_The data_
▬▬▬▬▬▬▬▬▬▬
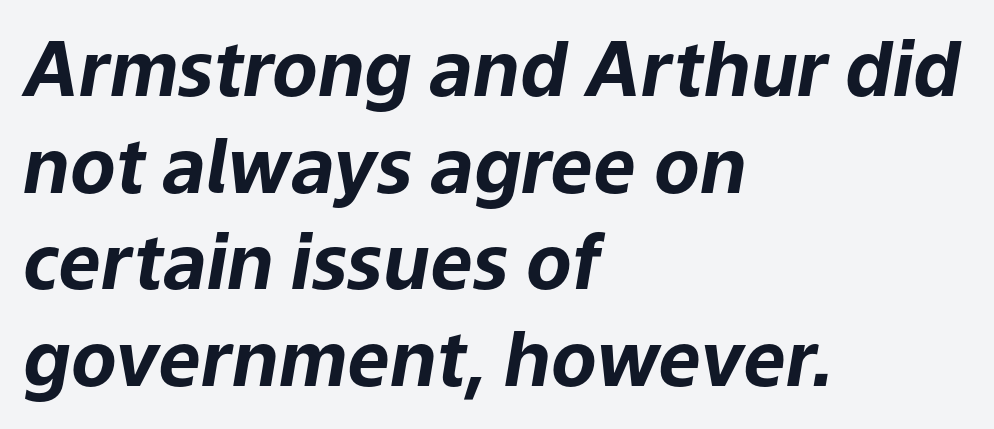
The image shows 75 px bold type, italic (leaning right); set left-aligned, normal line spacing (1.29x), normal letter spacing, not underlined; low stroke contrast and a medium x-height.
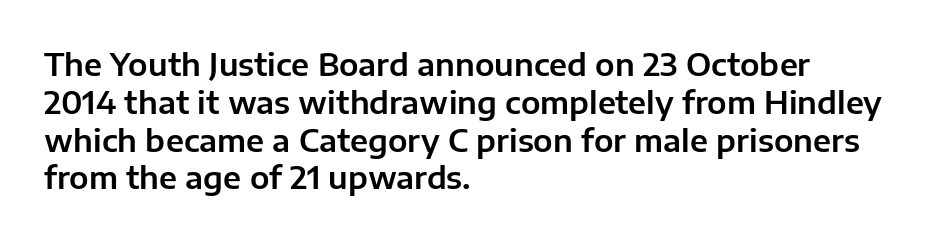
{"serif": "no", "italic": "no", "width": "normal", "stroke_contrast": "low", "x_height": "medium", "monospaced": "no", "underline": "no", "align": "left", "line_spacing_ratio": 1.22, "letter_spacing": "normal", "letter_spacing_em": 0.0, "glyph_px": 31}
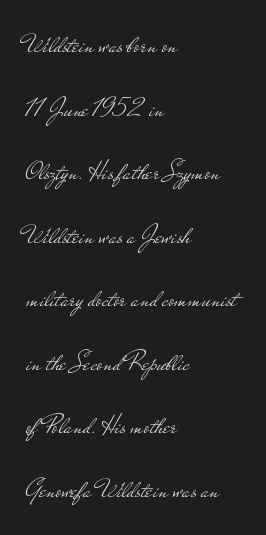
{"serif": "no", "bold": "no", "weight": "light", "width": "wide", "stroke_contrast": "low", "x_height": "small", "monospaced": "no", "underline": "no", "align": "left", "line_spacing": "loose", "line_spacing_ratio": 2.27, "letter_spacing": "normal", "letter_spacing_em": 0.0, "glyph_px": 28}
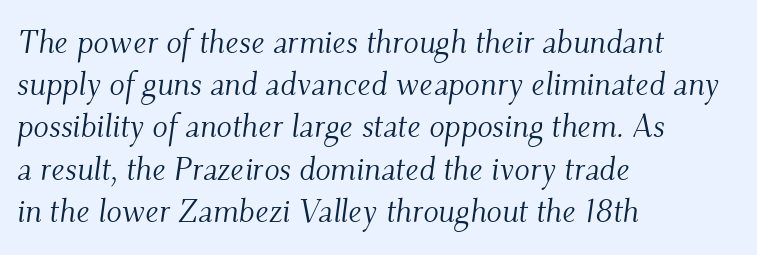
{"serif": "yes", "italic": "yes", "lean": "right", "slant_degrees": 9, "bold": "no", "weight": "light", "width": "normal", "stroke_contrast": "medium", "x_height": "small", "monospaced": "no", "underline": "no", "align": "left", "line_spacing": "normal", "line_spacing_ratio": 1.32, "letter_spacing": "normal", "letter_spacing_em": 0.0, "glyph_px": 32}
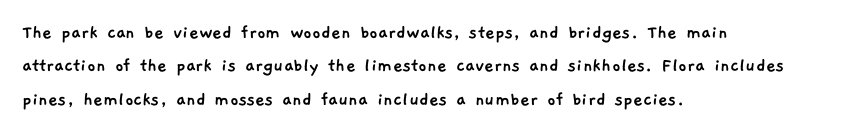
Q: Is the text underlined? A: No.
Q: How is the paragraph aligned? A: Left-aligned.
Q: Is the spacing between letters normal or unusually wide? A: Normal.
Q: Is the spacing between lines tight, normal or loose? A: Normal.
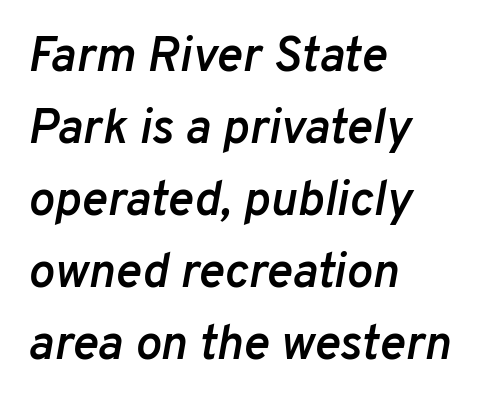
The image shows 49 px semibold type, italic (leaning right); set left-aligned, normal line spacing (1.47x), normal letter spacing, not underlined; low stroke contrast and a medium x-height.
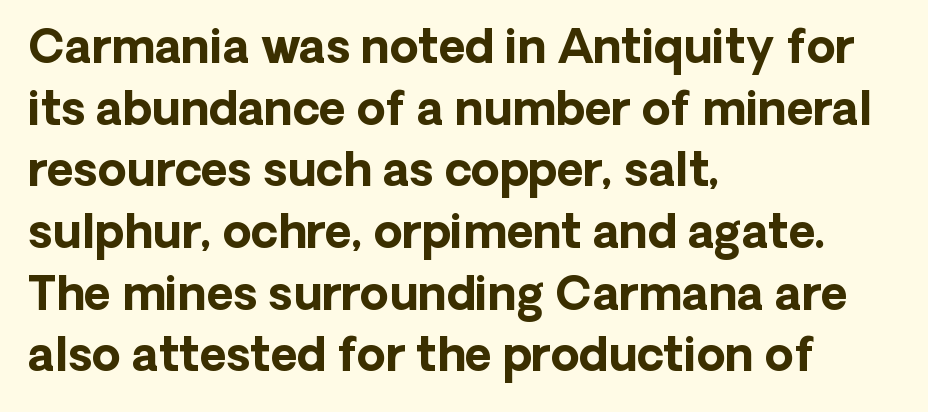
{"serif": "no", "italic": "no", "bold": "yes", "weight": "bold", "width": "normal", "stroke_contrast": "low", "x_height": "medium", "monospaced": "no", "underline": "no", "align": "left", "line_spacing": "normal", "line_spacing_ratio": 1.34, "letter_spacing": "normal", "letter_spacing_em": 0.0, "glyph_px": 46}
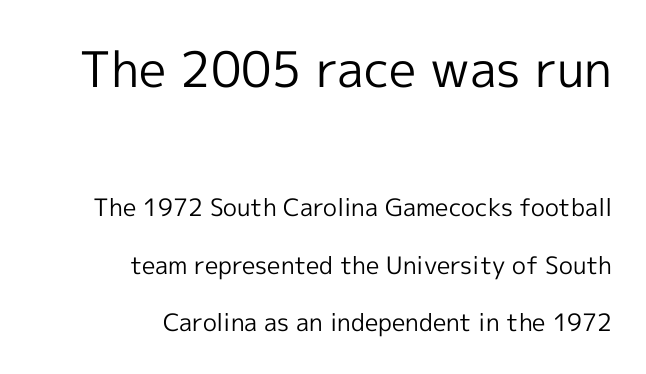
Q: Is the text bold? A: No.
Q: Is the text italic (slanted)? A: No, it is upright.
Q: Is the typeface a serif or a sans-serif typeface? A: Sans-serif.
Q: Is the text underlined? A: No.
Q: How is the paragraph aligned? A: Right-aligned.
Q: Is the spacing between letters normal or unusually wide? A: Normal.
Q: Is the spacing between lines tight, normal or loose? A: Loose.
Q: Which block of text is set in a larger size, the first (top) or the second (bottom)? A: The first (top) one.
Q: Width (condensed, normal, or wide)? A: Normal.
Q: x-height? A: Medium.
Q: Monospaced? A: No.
▬▬▬▬▬▬▬▬▬▬
_What is expected_
Drop the pictures, then write out everything else in the records exactly.

_Exercise solution_
The image shows 75 px bold type, italic (leaning right); set left-aligned, normal line spacing (1.29x), normal letter spacing, not underlined; low stroke contrast and a medium x-height.
{"serif": "no", "italic": "no", "width": "normal", "stroke_contrast": "low", "x_height": "medium", "monospaced": "no", "underline": "no", "align": "left", "line_spacing_ratio": 1.22, "letter_spacing": "normal", "letter_spacing_em": 0.0, "glyph_px": 31}
{"serif": "no", "bold": "no", "weight": "light", "width": "wide", "stroke_contrast": "low", "x_height": "small", "monospaced": "no", "underline": "no", "align": "left", "line_spacing": "loose", "line_spacing_ratio": 2.27, "letter_spacing": "normal", "letter_spacing_em": 0.0, "glyph_px": 28}
{"serif": "yes", "italic": "yes", "lean": "right", "slant_degrees": 9, "bold": "no", "weight": "light", "width": "normal", "stroke_contrast": "medium", "x_height": "small", "monospaced": "no", "underline": "no", "align": "left", "line_spacing": "normal", "line_spacing_ratio": 1.32, "letter_spacing": "normal", "letter_spacing_em": 0.0, "glyph_px": 32}
Q: Is the text underlined? A: No.
Q: How is the paragraph aligned? A: Left-aligned.
Q: Is the spacing between letters normal or unusually wide? A: Normal.
Q: Is the spacing between lines tight, normal or loose? A: Normal.
The image shows 49 px semibold type, italic (leaning right); set left-aligned, normal line spacing (1.47x), normal letter spacing, not underlined; low stroke contrast and a medium x-height.
{"serif": "no", "italic": "no", "bold": "yes", "weight": "bold", "width": "normal", "stroke_contrast": "low", "x_height": "medium", "monospaced": "no", "underline": "no", "align": "left", "line_spacing": "normal", "line_spacing_ratio": 1.34, "letter_spacing": "normal", "letter_spacing_em": 0.0, "glyph_px": 46}
Q: Is the text bold? A: No.
Q: Is the text italic (slanted)? A: No, it is upright.
Q: Is the typeface a serif or a sans-serif typeface? A: Sans-serif.
Q: Is the text underlined? A: No.
Q: How is the paragraph aligned? A: Right-aligned.
Q: Is the spacing between letters normal or unusually wide? A: Normal.
Q: Is the spacing between lines tight, normal or loose? A: Loose.
Q: Which block of text is set in a larger size, the first (top) or the second (bottom)? A: The first (top) one.
Q: Width (condensed, normal, or wide)? A: Normal.
Q: x-height? A: Medium.
Q: Monospaced? A: No.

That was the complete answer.